What to work on:
Every record below is to be restated word for word.

[Stored entries]
----------
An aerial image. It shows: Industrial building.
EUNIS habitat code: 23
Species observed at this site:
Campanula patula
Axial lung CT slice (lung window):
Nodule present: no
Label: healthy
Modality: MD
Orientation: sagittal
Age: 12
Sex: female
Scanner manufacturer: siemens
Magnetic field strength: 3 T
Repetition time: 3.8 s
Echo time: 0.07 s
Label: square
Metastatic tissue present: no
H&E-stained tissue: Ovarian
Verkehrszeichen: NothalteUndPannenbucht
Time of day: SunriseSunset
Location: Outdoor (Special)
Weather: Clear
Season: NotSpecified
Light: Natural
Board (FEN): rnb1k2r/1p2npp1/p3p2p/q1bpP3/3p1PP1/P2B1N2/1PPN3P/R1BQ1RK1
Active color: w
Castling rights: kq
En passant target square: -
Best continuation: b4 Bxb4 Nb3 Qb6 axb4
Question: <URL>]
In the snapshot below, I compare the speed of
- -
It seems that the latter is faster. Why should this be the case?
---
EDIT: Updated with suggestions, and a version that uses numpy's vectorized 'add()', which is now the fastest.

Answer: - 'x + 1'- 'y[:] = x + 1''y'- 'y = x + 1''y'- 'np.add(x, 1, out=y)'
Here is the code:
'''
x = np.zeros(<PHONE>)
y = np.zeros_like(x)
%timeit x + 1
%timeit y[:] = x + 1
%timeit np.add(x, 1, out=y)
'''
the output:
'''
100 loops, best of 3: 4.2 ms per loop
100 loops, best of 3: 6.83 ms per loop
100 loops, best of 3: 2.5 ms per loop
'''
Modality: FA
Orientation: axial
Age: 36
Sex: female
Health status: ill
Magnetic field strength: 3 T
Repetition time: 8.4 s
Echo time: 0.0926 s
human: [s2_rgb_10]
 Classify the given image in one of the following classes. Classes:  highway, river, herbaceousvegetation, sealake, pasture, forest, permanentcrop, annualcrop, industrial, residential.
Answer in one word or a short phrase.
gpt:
----------
Answer space:
An aerial image. It shows: Industrial building.
EUNIS habitat code: 23
Species observed at this site:
Campanula patula
Axial lung CT slice (lung window):
Nodule present: no
Label: healthy
Modality: MD
Orientation: sagittal
Age: 12
Sex: female
Scanner manufacturer: siemens
Magnetic field strength: 3 T
Repetition time: 3.8 s
Echo time: 0.07 s
Label: square
Metastatic tissue present: no
H&E-stained tissue: Ovarian
Verkehrszeichen: NothalteUndPannenbucht
Time of day: SunriseSunset
Location: Outdoor (Special)
Weather: Clear
Season: NotSpecified
Light: Natural
Board (FEN): rnb1k2r/1p2npp1/p3p2p/q1bpP3/3p1PP1/P2B1N2/1PPN3P/R1BQ1RK1
Active color: w
Castling rights: kq
En passant target square: -
Best continuation: b4 Bxb4 Nb3 Qb6 axb4
Question: <URL>]
In the snapshot below, I compare the speed of
- -
It seems that the latter is faster. Why should this be the case?
---
EDIT: Updated with suggestions, and a version that uses numpy's vectorized 'add()', which is now the fastest.

Answer: - 'x + 1'- 'y[:] = x + 1''y'- 'y = x + 1''y'- 'np.add(x, 1, out=y)'
Here is the code:
'''
x = np.zeros(<PHONE>)
y = np.zeros_like(x)
%timeit x + 1
%timeit y[:] = x + 1
%timeit np.add(x, 1, out=y)
'''
the output:
'''
100 loops, best of 3: 4.2 ms per loop
100 loops, best of 3: 6.83 ms per loop
100 loops, best of 3: 2.5 ms per loop
'''
Modality: FA
Orientation: axial
Age: 36
Sex: female
Health status: ill
Magnetic field strength: 3 T
Repetition time: 8.4 s
Echo time: 0.0926 s
human: [s2_rgb_10]
 Classify the given image in one of the following classes. Classes:  highway, river, herbaceousvegetation, sealake, pasture, forest, permanentcrop, annualcrop, industrial, residential.
Answer in one word or a short phrase.
gpt:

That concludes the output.